In [None]:
#cd Proj_Kobe-Bryant-Shot-Selection
#pip install -r requirements.txt

In [None]:
from google.colab import drive
drive.mount('/content/drive')

# Importar Bibliotecas Necessárias:

In [None]:
import os
import pandas as pd
import numpy as np
from sklearn.model_selection import train_test_split
from sklearn.linear_model import LogisticRegression
from sklearn.metrics import log_loss
from sklearn.metrics import f1_score
import mlflow
import mlflow.sklearn
from pycaret.classification import *


In [None]:
#print(mlflow.__version__)

In [None]:
# Iniciar o experimento do MLFlow
mlflow.start_run()

<ActiveRun: >

# Carregar os Dados Brutos do arquivo CSV

In [None]:
file_path = 'Proj_Kobe-Bryant-Shot-Selection/data/raw/data.csv'
df_kobe = pd.read_csv(file_path, sep=',')
df_kobe.head()

Unnamed: 0,action_type,combined_shot_type,game_event_id,game_id,lat,loc_x,loc_y,lon,minutes_remaining,period,...,shot_type,shot_zone_area,shot_zone_basic,shot_zone_range,team_id,team_name,game_date,matchup,opponent,shot_id
0,Jump Shot,Jump Shot,10,20000012,33.9723,167,72,-118.1028,10,1,...,2PT Field Goal,Right Side(R),Mid-Range,16-24 ft.,1610612747,Los Angeles Lakers,2000-10-31,LAL @ POR,POR,1
1,Jump Shot,Jump Shot,12,20000012,34.0443,-157,0,-118.4268,10,1,...,2PT Field Goal,Left Side(L),Mid-Range,8-16 ft.,1610612747,Los Angeles Lakers,2000-10-31,LAL @ POR,POR,2
2,Jump Shot,Jump Shot,35,20000012,33.9093,-101,135,-118.3708,7,1,...,2PT Field Goal,Left Side Center(LC),Mid-Range,16-24 ft.,1610612747,Los Angeles Lakers,2000-10-31,LAL @ POR,POR,3
3,Jump Shot,Jump Shot,43,20000012,33.8693,138,175,-118.1318,6,1,...,2PT Field Goal,Right Side Center(RC),Mid-Range,16-24 ft.,1610612747,Los Angeles Lakers,2000-10-31,LAL @ POR,POR,4
4,Driving Dunk Shot,Dunk,155,20000012,34.0443,0,0,-118.2698,6,2,...,2PT Field Goal,Center(C),Restricted Area,Less Than 8 ft.,1610612747,Los Angeles Lakers,2000-10-31,LAL @ POR,POR,5


In [None]:
print("Número de linhas no DataFrame:", df_kobe.shape[0])

Número de linhas no DataFrame: 30697


# 6. b. Pré-processamento dos Dados processed_data

In [None]:
# Filtrar os dados onde o valor de shot_type é igual a '2PT Field Goal'
df_kobe = df_kobe[df_kobe['shot_type'] == '2PT Field Goal']

# Filtrar o DataFrame para incluir apenas as colunas especificadas
columns_to_keep = ['lat', 'lon', 'minutes_remaining', 'period', 'playoffs', 'shot_distance', 'shot_made_flag']
df_kobe = df_kobe[columns_to_keep]

def preprocess_data(raw_data):
    # Tratar dados ausentes, se houver
    processed_data = raw_data.dropna().copy()  # Copiar o DataFrame para garantir que estamos trabalhando com uma cópia

    # Substituir valores faltantes na coluna 'shot_made_flag' por 0 (indicando que o arremesso foi errado)
    processed_data['shot_made_flag'].fillna(0, inplace=True)

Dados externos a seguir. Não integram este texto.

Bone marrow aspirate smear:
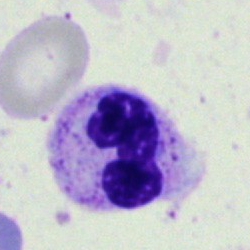

Impression — neutrophil (segmented).
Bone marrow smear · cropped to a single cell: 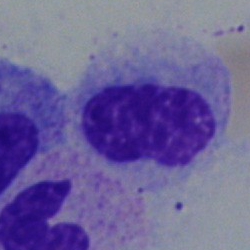

This is a metamyelocyte.
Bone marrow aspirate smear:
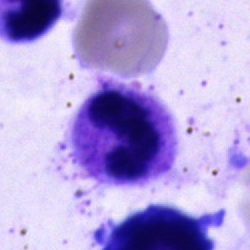Specimen: bone marrow smear.
Cell: polymorphonuclear neutrophil.
Lineage: myeloid.
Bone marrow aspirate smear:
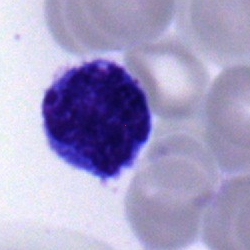 Q: What is shown here?
A: It is a typical lymphocyte.
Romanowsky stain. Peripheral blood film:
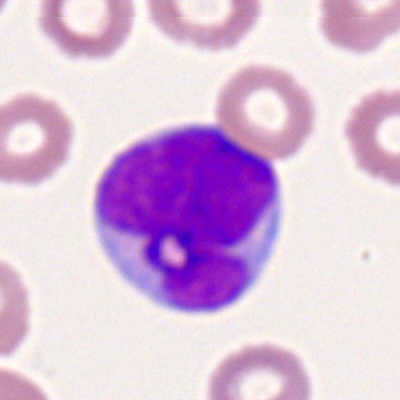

    # Converter a coluna 'shot_made_flag' para tipo inteiro
    processed_data['shot_made_flag'] = processed_data['shot_made_flag'].astype(int)

    return processed_data

# Aplicar o pré-processamento aos dados brutos
df_kobe = preprocess_data(df_kobe)

print("Número de linhas no DataFrame após o pré-processamento:", df_kobe.shape[0])

Número de linhas no DataFrame após o pré-processamento: 20285


# 6. b. Transformação em Parquet e Dimensão resultante do dataset

In [None]:
# Salvar o DataFrame filtrado em um arquivo parquet
output_file = 'Proj_Kobe-Bryant-Shot-Selection/data/processed/data_filtered.parquet'
df_kobe.to_parquet(output_file)

# Verificar a dimensão resultante do DataFrame filtrado
print("Dimensão do DataFrame filtrado:", df_kobe.shape)

Dimensão do DataFrame filtrado: (20285, 7)


# 6. c. Divisão dos Dados em Conjuntos de Treino (80%) e Teste (20 %)

In [None]:
def split_data(data, test_size=0.2):

    X = data.drop('shot_made_flag', axis=1)
    y = data['shot_made_flag']

    # Dividir os dados de forma aleatória e estratificada
    X_train, X_test, y_train, y_test = train_test_split(X, y, test_size=test_size, stratify=y, random_state=42)

    return X_train, X_test, y_train, y_test

if __name__ == "__main__":

    # Dividir os dados em conjuntos de treino e teste
    X_train, X_test, y_train, y_test = split_data(df_kobe)

# 6. c. Armazenar os datasets resultantes em arquivos Parquet

In [None]:
def save_data(X, y, file_path):

    # Criar o diretório se não existir
    os.makedirs(os.path.dirname(file_path), exist_ok=True)

    # Concatenar os recursos e o alvo
    data = pd.concat([X, y], axis=1)

    # Salvar os dados em formato Parquet
    data.to_parquet(file_path, index=False)

if __name__ == "__main__":

    # Salvar os conjuntos de dados em arquivos Parquet
    save_data(X_train, y_train, "Proj_Kobe-Bryant-Shot-Selection/data/processed/base_train.parquet")
    save_data(X_test, y_test, "Proj_Kobe-Bryant-Shot-Selection/data/processed/base_test.parquet")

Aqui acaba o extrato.